What to produce
Where a picture appears, leave it out, and transcribe all the lines below exactly.

Data items
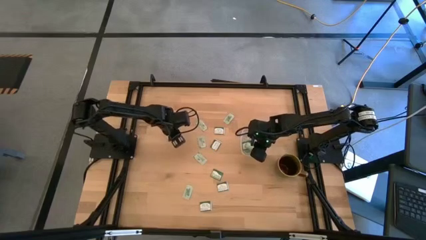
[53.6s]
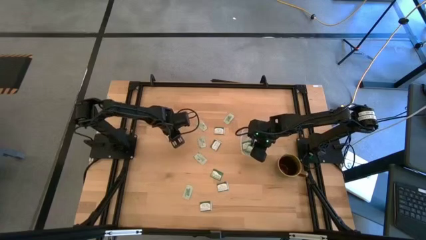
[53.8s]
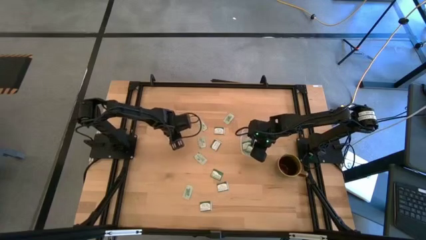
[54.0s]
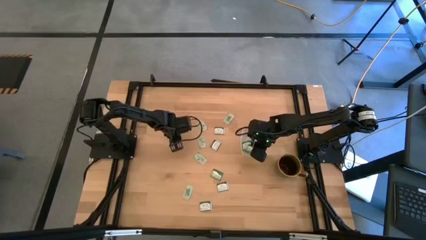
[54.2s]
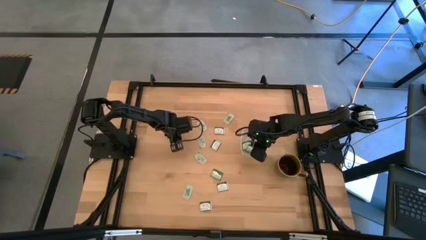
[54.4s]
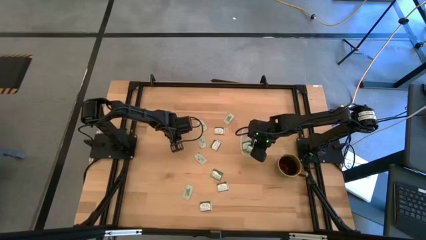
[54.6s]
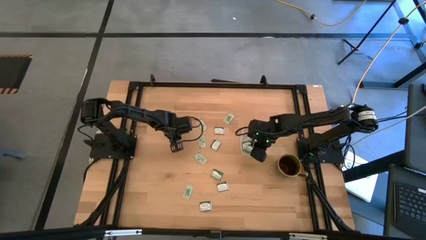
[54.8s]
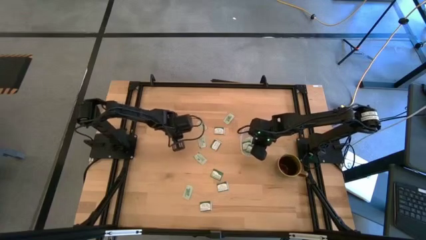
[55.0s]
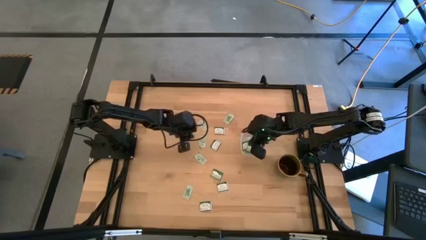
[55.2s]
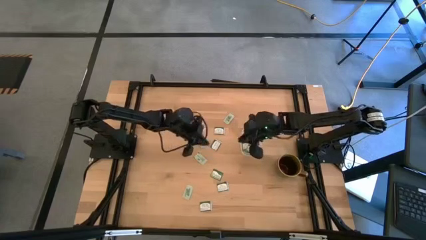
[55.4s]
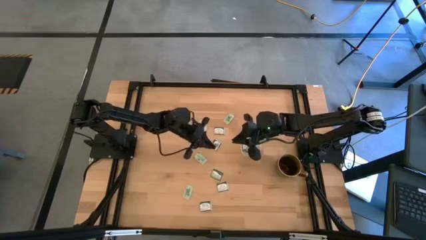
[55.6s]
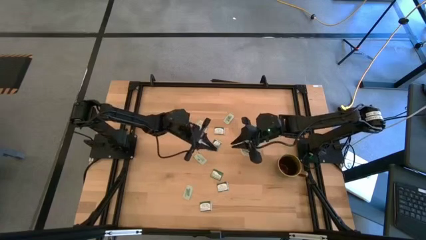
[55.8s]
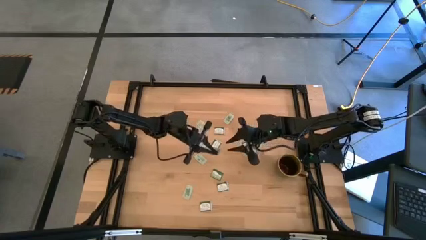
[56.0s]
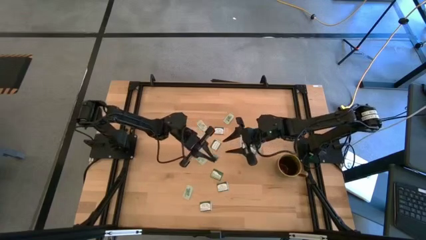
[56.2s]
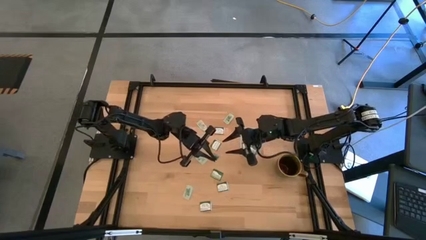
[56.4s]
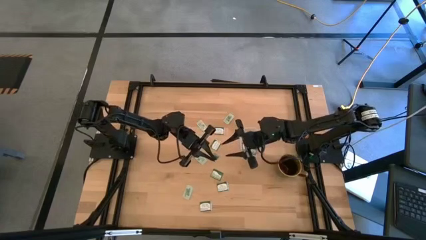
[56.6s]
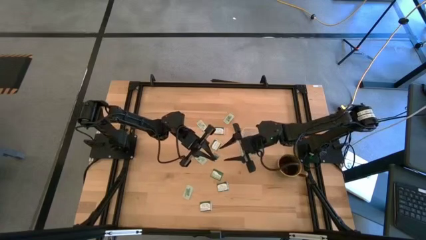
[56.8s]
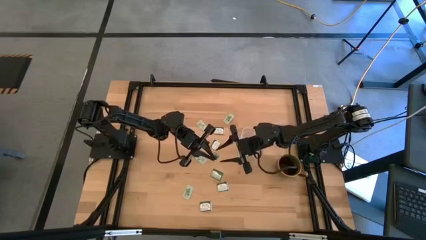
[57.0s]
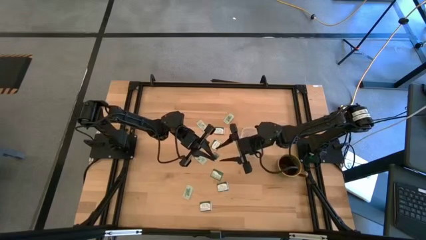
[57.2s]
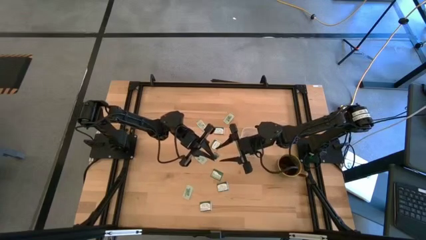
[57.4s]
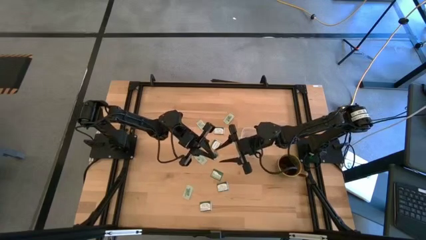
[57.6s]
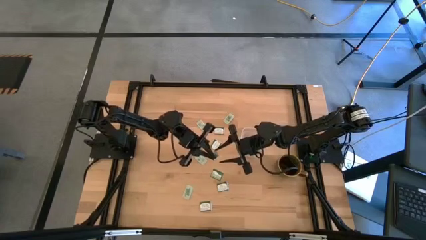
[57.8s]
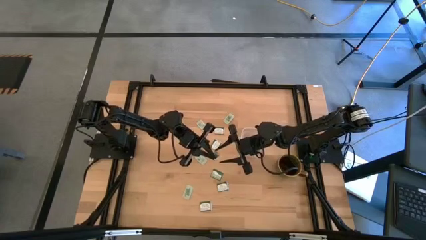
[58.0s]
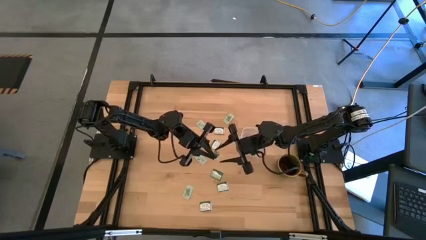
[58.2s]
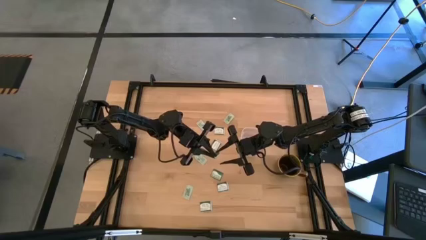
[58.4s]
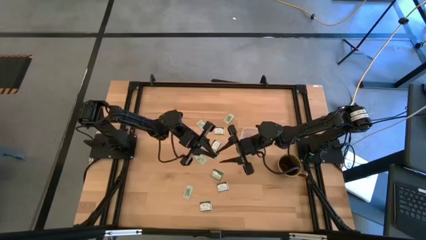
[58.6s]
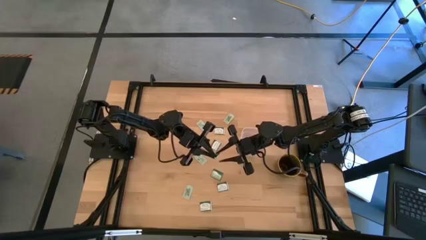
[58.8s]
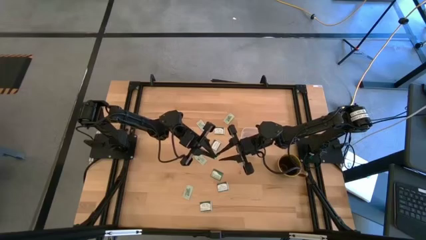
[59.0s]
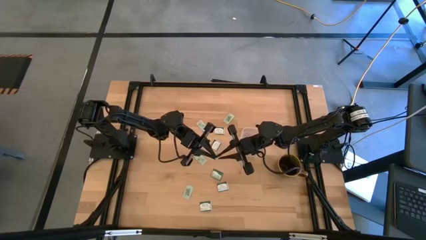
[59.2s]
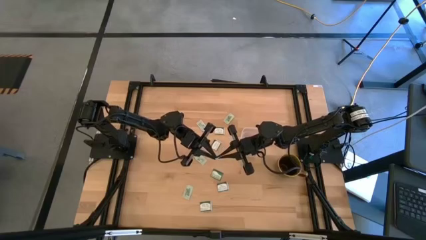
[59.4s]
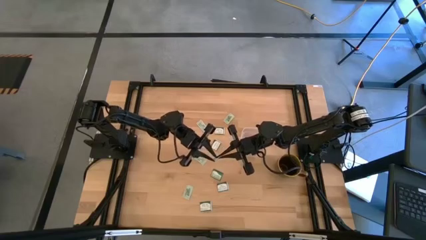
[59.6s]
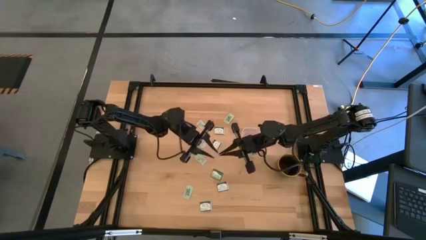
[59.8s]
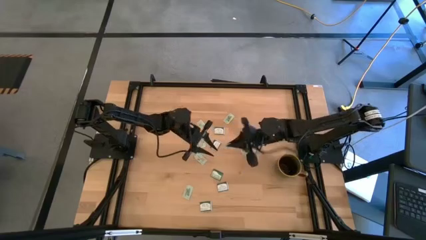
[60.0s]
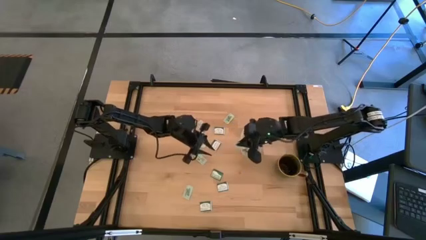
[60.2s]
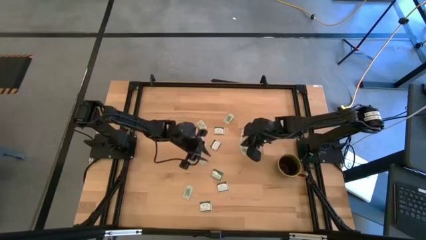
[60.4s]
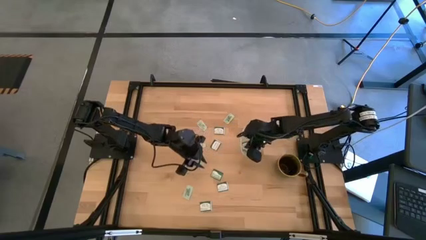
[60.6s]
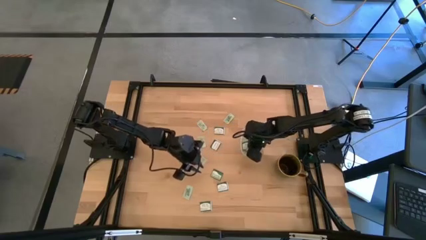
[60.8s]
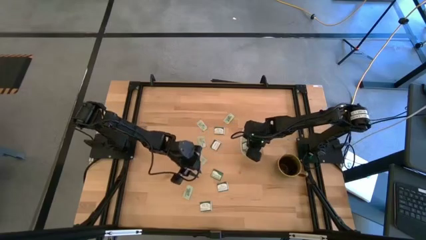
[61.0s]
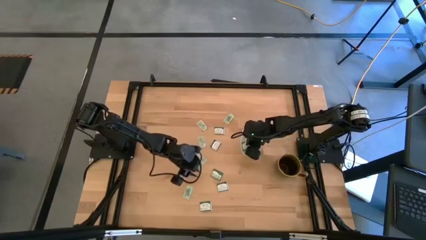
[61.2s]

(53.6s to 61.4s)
Task: Pick and place items into bin
Put the stevia packet into the transparent bin

Response to this task
[53.6s]
[53.8s]
[54.0s]
[54.2s]
[54.4s]
[54.6s]
[54.8s]
[55.0s]
[55.2s]
[55.4s]
[55.6s]
[55.8s]
[56.0s]
[56.2s]
[56.4s]
[56.6s]
[56.8s]
[57.0s]
[57.2s]
[57.4s]
[57.6s]
[57.8s]
[58.0s]
[58.2s]
[58.4s]
[58.6s]
[58.8s]
[59.0s]
[59.2s]
[59.4s]
[59.6s]
[59.8s]
[60.0s]
[60.2s]
[60.4s]
[60.6s]
[60.8s]
[61.0s]
[61.2s]

(53.6s to 61.4s)
Task: Pick and place items into bin
Put the stevia packet into the transparent bin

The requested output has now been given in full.